As I always say (and not as a joke), if you want the true feedback about your products, organize a 24h hackathon and ask a fully Red-Bull loaded, sleep deprived developer at 3AM “how is it going?”.
So looking back, there was a time when great developers events were the norm. The pandemic put an halt to it and with budgets still being locked by finance, it seems developers programs are not going to be at the scale we knew and need them to be. Mastercard announcement was nice but it will be important to see if they put the money where the impact is the most notable.
Below is the list of all these great events which defined the early era of APIs and developers experience. That the list could be expanded upon, and the "greatest" events are somewhat subjective.
Here are some notable mentions:
Google I/O: Google's annual developer conference, where they usually announce new products and updates.
Apple Worldwide Developers Conference (WWDC): This is where Apple reveals new software and technologies for its ecosystem.
Microsoft Build: An annual conference event held by Microsoft, aimed towards software engineers and web developers using Windows, Azure, and other Microsoft technologies.
Facebook F8: Facebook's annual developer conference, where they often reveal new products and updates.
Amazon Web Services (AWS) re:Invent: Annual conference hosted by Amazon Web Services for the global cloud computing community.
GitHub Universe: This conference brings together a community connected by the values of open source, innovation, and remote work.
KubeCon + CloudNativeCon: These events gather adopters and technologists from leading open source and cloud native communities.
TechCrunch Disrupt: Not strictly a developer event, but it includes hackathons and is a major start-up conference where new technologies and companies are launched.
DockerCon: The Docker community comes together to learn, belong, and collaborate.

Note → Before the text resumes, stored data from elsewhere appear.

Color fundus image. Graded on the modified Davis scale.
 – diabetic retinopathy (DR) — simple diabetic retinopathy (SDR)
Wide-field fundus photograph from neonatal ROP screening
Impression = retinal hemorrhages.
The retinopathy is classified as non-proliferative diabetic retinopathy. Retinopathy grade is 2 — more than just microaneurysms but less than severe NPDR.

PyCon: A community-driven convention for developers of the Python programming language.
Here are some hackathons:
Global Game Jam: An annual international hackathon for video game development.
NASA International Space Apps Challenge: An international hackathon that occurs over 48 hours in cities around the world.
AngelHack: A global series of hackathons that has corporate partners set challenges for teams of developers.
MLH (Major League Hacking) Hackathons: Major League Hacking is the official student hackathon league.
ETHGlobal Hackathons: A series of Ethereum-based hackathons.
TechCrunch Disrupt Hackathon: A major component of the TechCrunch Disrupt conference.
HackZurich: Europe’s largest hackathon event, attracting participants from around the world.
Junction: A massive hackathon event held in Helsinki, Finland.
LA Hacks: One of the largest student hackathons in the United States, based in UCLA.
PennApps: A well-known student-run college hackathon, organized by students at the University of Pennsylvania.
So which ones do you remember? Which ones did you attend? It is really sad to have seen so many disappear while the world is requiring more and more talents that these events helped surface. In my book “The Delivery Man”, I talk about hackathon sharks. In these days and times, with investors trying to see who can scrap by with little new investment, hackathon shark teams were the ultimate start-up team you wanted. But to see them, they need the environment to strive.